We need to see this more in our work. Hard work cannot be infinite. The more we can work in short sprints, within the context of progress, the more opportunities we will have to recharge our motivation. It’s the accumulation of small wins that leads to victory.

4. MAKE IT HARD TO MAKE IT HARD FOR YOURSELF
When the path to progress is unclear or our goals are seemingly unachievable, many of us will conjure up self-sabotaging stories to excuse our lack of progress and performance. Without necessarily intending to, we’ll invent alibis that excuse ourselves from poorer performance. “I work better when under pressure,” says the procrastinator, leaving an important project to the last minute. Then, when the disc corrupts or the migraine sets in at the last minute, the procrastinator is able to say, “Well, if it weren’t for that, of course I’d have done a better job.”

The perfectionist never has enough time, because they spent the first 80% of the time micro-managing unimportant details. And the overcommitted executive remains faultless – with all of those projects they’ve taken on board, what can one expect if some of them aren’t done well?

These self-sabotaging stories thrive on vagueness and an unclear game. They fall apart when we create real visibility of progress. To combat self-sabotage, we need to get clear on the game we are playing and draw a clear line between story and reality.

5. MANAGE CONTEXT
On any given day, you are playing multiple roles. You may start the day as a parent and family person, then shift to strategic adviser, then to negotiator, then to manager, then to mentor, then to mate.

Sometimes you can bring the mindset from one context into another one, essentially contaminating it. We’ve all been in that situation where, after an incredibly busy and stressful day, we’ve brought ‘boss mode’ back home. The family don’t like it.

One thing you can do here is remember that everything is a game. There are always goals, rules and feedback within any given context. Philosopher James Carse, author of Finite and Infinite Games, says there are at least two kinds of game: those that are played to win, and those that are played for the sake of continuing the play.

“Finite players play within boundaries, infinite players play with boundaries.” Knowing games are at play will help you to pause, shift and adapt your mindset between them.

6. BUILD THE NARRATIVE
One of the biggest things missing in most organisations is a strong sense of ‘narrative’. This is how purpose is expressed beyond numbers. It’s the story of ‘why’ we do our work. Leading games do this well – there’s a narrative that players move through.

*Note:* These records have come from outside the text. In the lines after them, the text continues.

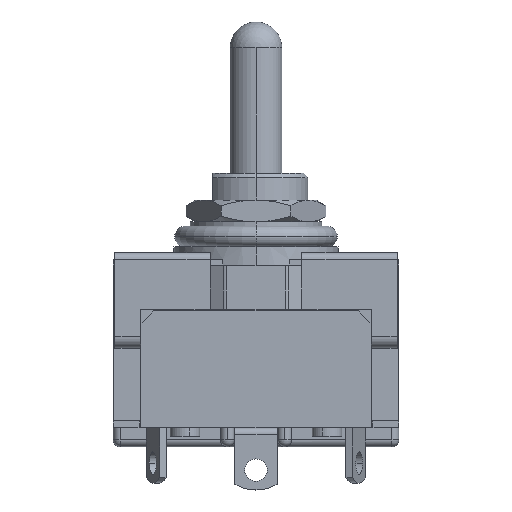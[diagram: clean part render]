
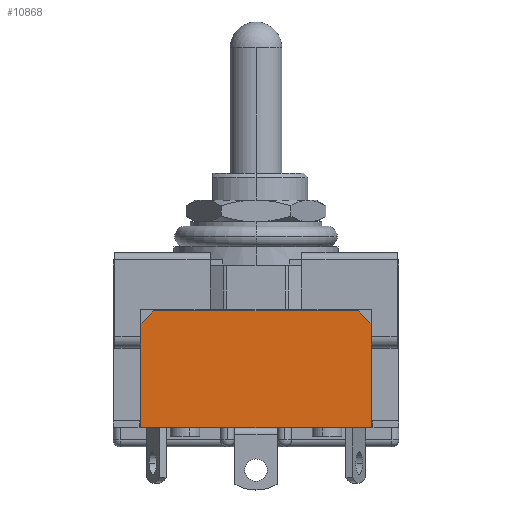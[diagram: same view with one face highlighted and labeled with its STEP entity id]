
A CAD part, top view. The second image highlights one B-rep face of the part: STEP entity #10868.
In plain terms, the highlighted planar face has unit normal (0, 0, 1).
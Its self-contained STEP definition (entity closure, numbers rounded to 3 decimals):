
#81 = CARTESIAN_POINT ( 'NONE',  ( 11.8, -3.5, 9.6 ) ) ;
#307 = DIRECTION ( 'NONE',  ( -1., 0., 0. ) ) ;
#462 = LINE ( 'NONE', #5243, #5080 ) ;
#547 = CARTESIAN_POINT ( 'NONE',  ( 13.3, -17., 9.6 ) ) ;
#924 = DIRECTION ( 'NONE',  ( -0.707, 0.707, 0. ) ) ;
#982 = DIRECTION ( 'NONE',  ( 0., -1., 0. ) ) ;
#1103 = VECTOR ( 'NONE', #3415, 1000. ) ;
#1421 = VERTEX_POINT ( 'NONE', #8449 ) ;
#1764 = EDGE_CURVE ( 'NONE', #1421, #5561, #2801, .T. ) ;
#1853 = VECTOR ( 'NONE', #10834, 1000. ) ;
#1880 = CARTESIAN_POINT ( 'NONE',  ( 13.3, -5., 9.6 ) ) ;
#1905 = VERTEX_POINT ( 'NONE', #81 ) ;
#2074 = CARTESIAN_POINT ( 'NONE',  ( -13.3, -3.5, 9.6 ) ) ;
#2212 = ORIENTED_EDGE ( 'NONE', *, *, #1764, .T. ) ;
#2270 = CARTESIAN_POINT ( 'NONE',  ( -13.3, -5., 9.6 ) ) ;
#2697 = AXIS2_PLACEMENT_3D ( 'NONE', #6858, #6996, #3404 ) ;
#2801 = LINE ( 'NONE', #2270, #1853 ) ;
#2936 = ORIENTED_EDGE ( 'NONE', *, *, #7705, .T. ) ;
#3317 = VECTOR ( 'NONE', #924, 1000. ) ;
#3324 = EDGE_CURVE ( 'NONE', #9331, #1905, #6841, .T. ) ;
#3404 = DIRECTION ( 'NONE',  ( -1., 0., 0. ) ) ;
#3415 = DIRECTION ( 'NONE',  ( 1., 0., 0. ) ) ;
#3819 = VECTOR ( 'NONE', #6640, 1000. ) ;
#4422 = CARTESIAN_POINT ( 'NONE',  ( -13.3, -17., 9.6 ) ) ;
#4444 = CARTESIAN_POINT ( 'NONE',  ( 11.8, -3.5, 9.6 ) ) ;
#4531 = LINE ( 'NONE', #4422, #1103 ) ;
#4547 = CARTESIAN_POINT ( 'NONE',  ( -13.3, -17., 9.6 ) ) ;
#4663 = FACE_OUTER_BOUND ( 'NONE', #7915, .T. ) ;
#4969 = VERTEX_POINT ( 'NONE', #4547 ) ;
#4976 = ORIENTED_EDGE ( 'NONE', *, *, #3324, .T. ) ;
#4993 = CARTESIAN_POINT ( 'NONE',  ( 13.3, -17., 9.6 ) ) ;
#5080 = VECTOR ( 'NONE', #982, 1000. ) ;
#5243 = CARTESIAN_POINT ( 'NONE',  ( -13.3, -17., 9.6 ) ) ;
#5561 = VERTEX_POINT ( 'NONE', #9583 ) ;
#6120 = PLANE ( 'NONE',  #2697 ) ;
#6378 = ORIENTED_EDGE ( 'NONE', *, *, #8851, .T. ) ;
#6420 = EDGE_CURVE ( 'NONE', #1905, #1421, #7873, .T. ) ;
#6640 = DIRECTION ( 'NONE',  ( 0., 1., 0. ) ) ;
#6841 = LINE ( 'NONE', #4444, #3317 ) ;
#6858 = CARTESIAN_POINT ( 'NONE',  ( -13.3, -3.5, 9.6 ) ) ;
#6996 = DIRECTION ( 'NONE',  ( 0., 0., -1. ) ) ;
#7705 = EDGE_CURVE ( 'NONE', #4969, #8978, #4531, .T. ) ;
#7836 = ORIENTED_EDGE ( 'NONE', *, *, #6420, .T. ) ;
#7873 = LINE ( 'NONE', #2074, #8399 ) ;
#7915 = EDGE_LOOP ( 'NONE', ( #6378, #4976, #7836, #2212, #8445, #2936 ) ) ;
#8399 = VECTOR ( 'NONE', #307, 1000. ) ;
#8445 = ORIENTED_EDGE ( 'NONE', *, *, #10361, .T. ) ;
#8449 = CARTESIAN_POINT ( 'NONE',  ( -11.8, -3.5, 9.6 ) ) ;
#8851 = EDGE_CURVE ( 'NONE', #8978, #9331, #9726, .T. ) ;
#8978 = VERTEX_POINT ( 'NONE', #4993 ) ;
#9331 = VERTEX_POINT ( 'NONE', #1880 ) ;
#9583 = CARTESIAN_POINT ( 'NONE',  ( -13.3, -5., 9.6 ) ) ;
#9726 = LINE ( 'NONE', #547, #3819 ) ;
#10361 = EDGE_CURVE ( 'NONE', #5561, #4969, #462, .T. ) ;
#10834 = DIRECTION ( 'NONE',  ( -0.707, -0.707, 0. ) ) ;
#10868 = ADVANCED_FACE ( 'NONE', ( #4663 ), #6120, .F. ) ;

Leading companies also craft compelling narratives. Remember Apple’s ‘Think different’ campaign? The intended audience for this was actually internal. Steve Jobs had just taken over a demoralised company; he needed them to rediscover the purpose and pride in their work.

7. CONDUCT EXPERIMENTS
Game designers would call this play-testing, and anyone who has worked on agile projects would know that a lot of work is experimental, and developed through iteration. At a functional level, this works with short sprints; rather than cooking up a perfect plan, and then grinding through periods of stalled productivity and progress, we instead move through various ‘checkpoints’. If one particular approach is not working, we reset to the latest checkpoint and try another.

Games do this tremendously well, so much so that research suggests most gamers spend 70–90% of their time failing. But they’re able to fail fast, and learn from each attempt.

In our own work, we could learn from failure. Apathy is the enemy.

Or, if failure is a bit too heavy a word, think of it like this: in science there’s no such thing as failure, only disproven hypotheses. Persistence is noble and sometimes necessary. Progress is better. If something’s not working, try something else. It’s like Edison once said: “I’ve never failed. I’ve only found 10,000 ways that didn’t work.”